Every day, the American bull market looks more and more like the dot-com bubble of the late 1990s. Except when it comes to valuations.

The Standard & Poor’s 500 Index (SPX) jumped above 2,000 today and the Nasdaq Composite Index is within 10 percent of a record reached in March 2000, a time when Pets.com Inc. was worth more than $150 million. Investors have seen annualized returns of 24.5 percent since March 2009, compared with 27.1 percent over an equal amount of days ending March 24, 2000, the peak of the Internet rally, according to data compiled by Bloomberg.

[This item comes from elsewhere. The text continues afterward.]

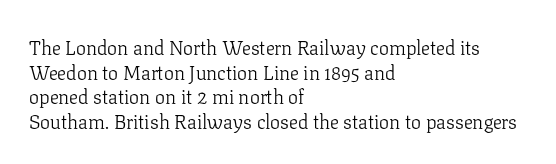
{"italic": "no", "bold": "no", "underline": "no", "align": "left", "line_spacing_ratio": 1.23, "letter_spacing": "normal", "letter_spacing_em": 0.0, "glyph_px": 20}
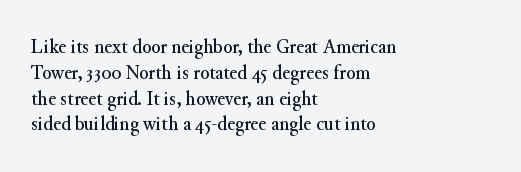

Stocks are catching up to the pace of more than a decade ago amid record profits, near-zero interest rates and economic growth that’s expected to accelerate. While the dot-com bubble peaked with the S&P 500 trading at close to 30 times annual earnings of its companies, the valuation is about 19 times now, data from S&P Dow Jones Indices show.

“We’re on the expensive side of fair value, but certainly not in the bubble place they were in the 2000 period or in a place that concerns us,” Ed Hyland, an Atlanta-based global investment specialist at JPMorgan Chase Private Bank, said in a phone interview. The firm oversees about $1 trillion. “There is potential for the market to go higher.”

Durable Goods

The S&P 500 rallied 0.3 percent to 2,004.16 as of 10:57 a.m. in New York after a report showed the biggest ever jump in durable-goods orders and consumer confidence unexpectedly increased. The Chicago Board Options Exchange Volatility Index, known as the VIX, added 0.9 percent to 11.81.

Five years of gains have driven the S&P 500 up 195 percent, compared with a 236 percent advance over the comparable period ended in March 2000. With the Federal Reserve calling valuations in smaller biotechnology and social-media companies “stretched” and mega-deals resurfacing, concern that prices are too high is growing.

Over the past three years, investors have seen a flood of technology and Internet companies go public, including King Digital Entertainment Plc, Yelp Inc. and Twitter Inc. Alibaba Group Holding Ltd., the Chinese e-commerce company, is working on an initial public offering that may be the biggest in U.S. history.

The dot-com bubble was marked by unprofitable Internet companies selling shares for the first time, such as Pets.com, which had a sock puppet mascot and raised $82.5 million in February 2000. The company has since gone out of business.